TASK DIRECTIONS
Each entry must be copied exactly, without omission.

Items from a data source

********

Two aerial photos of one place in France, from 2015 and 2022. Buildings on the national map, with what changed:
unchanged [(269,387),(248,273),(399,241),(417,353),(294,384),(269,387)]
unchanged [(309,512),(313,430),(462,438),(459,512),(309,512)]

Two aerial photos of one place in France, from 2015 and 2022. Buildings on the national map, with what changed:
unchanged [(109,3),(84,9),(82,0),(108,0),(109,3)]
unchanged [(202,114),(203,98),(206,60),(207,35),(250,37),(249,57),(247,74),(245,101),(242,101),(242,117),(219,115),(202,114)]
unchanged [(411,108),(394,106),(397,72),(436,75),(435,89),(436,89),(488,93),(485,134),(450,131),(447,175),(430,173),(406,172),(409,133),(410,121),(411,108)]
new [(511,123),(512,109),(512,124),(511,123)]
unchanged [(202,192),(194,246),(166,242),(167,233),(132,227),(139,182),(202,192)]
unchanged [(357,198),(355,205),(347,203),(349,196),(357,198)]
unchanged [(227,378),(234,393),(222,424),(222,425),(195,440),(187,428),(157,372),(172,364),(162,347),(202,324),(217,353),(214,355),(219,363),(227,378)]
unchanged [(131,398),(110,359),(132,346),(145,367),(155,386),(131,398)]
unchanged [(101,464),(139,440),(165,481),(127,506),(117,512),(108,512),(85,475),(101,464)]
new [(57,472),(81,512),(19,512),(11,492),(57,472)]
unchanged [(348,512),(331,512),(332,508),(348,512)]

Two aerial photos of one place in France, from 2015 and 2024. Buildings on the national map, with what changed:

********

TASK OUTPUT
Two aerial photos of one place in France, from 2015 and 2022. Buildings on the national map, with what changed:
unchanged [(269,387),(248,273),(399,241),(417,353),(294,384),(269,387)]
unchanged [(309,512),(313,430),(462,438),(459,512),(309,512)]

Two aerial photos of one place in France, from 2015 and 2022. Buildings on the national map, with what changed:
unchanged [(109,3),(84,9),(82,0),(108,0),(109,3)]
unchanged [(202,114),(203,98),(206,60),(207,35),(250,37),(249,57),(247,74),(245,101),(242,101),(242,117),(219,115),(202,114)]
unchanged [(411,108),(394,106),(397,72),(436,75),(435,89),(436,89),(488,93),(485,134),(450,131),(447,175),(430,173),(406,172),(409,133),(410,121),(411,108)]
new [(511,123),(512,109),(512,124),(511,123)]
unchanged [(202,192),(194,246),(166,242),(167,233),(132,227),(139,182),(202,192)]
unchanged [(357,198),(355,205),(347,203),(349,196),(357,198)]
unchanged [(227,378),(234,393),(222,424),(222,425),(195,440),(187,428),(157,372),(172,364),(162,347),(202,324),(217,353),(214,355),(219,363),(227,378)]
unchanged [(131,398),(110,359),(132,346),(145,367),(155,386),(131,398)]
unchanged [(101,464),(139,440),(165,481),(127,506),(117,512),(108,512),(85,475),(101,464)]
new [(57,472),(81,512),(19,512),(11,492),(57,472)]
unchanged [(348,512),(331,512),(332,508),(348,512)]

Two aerial photos of one place in France, from 2015 and 2024. Buildings on the national map, with what changed:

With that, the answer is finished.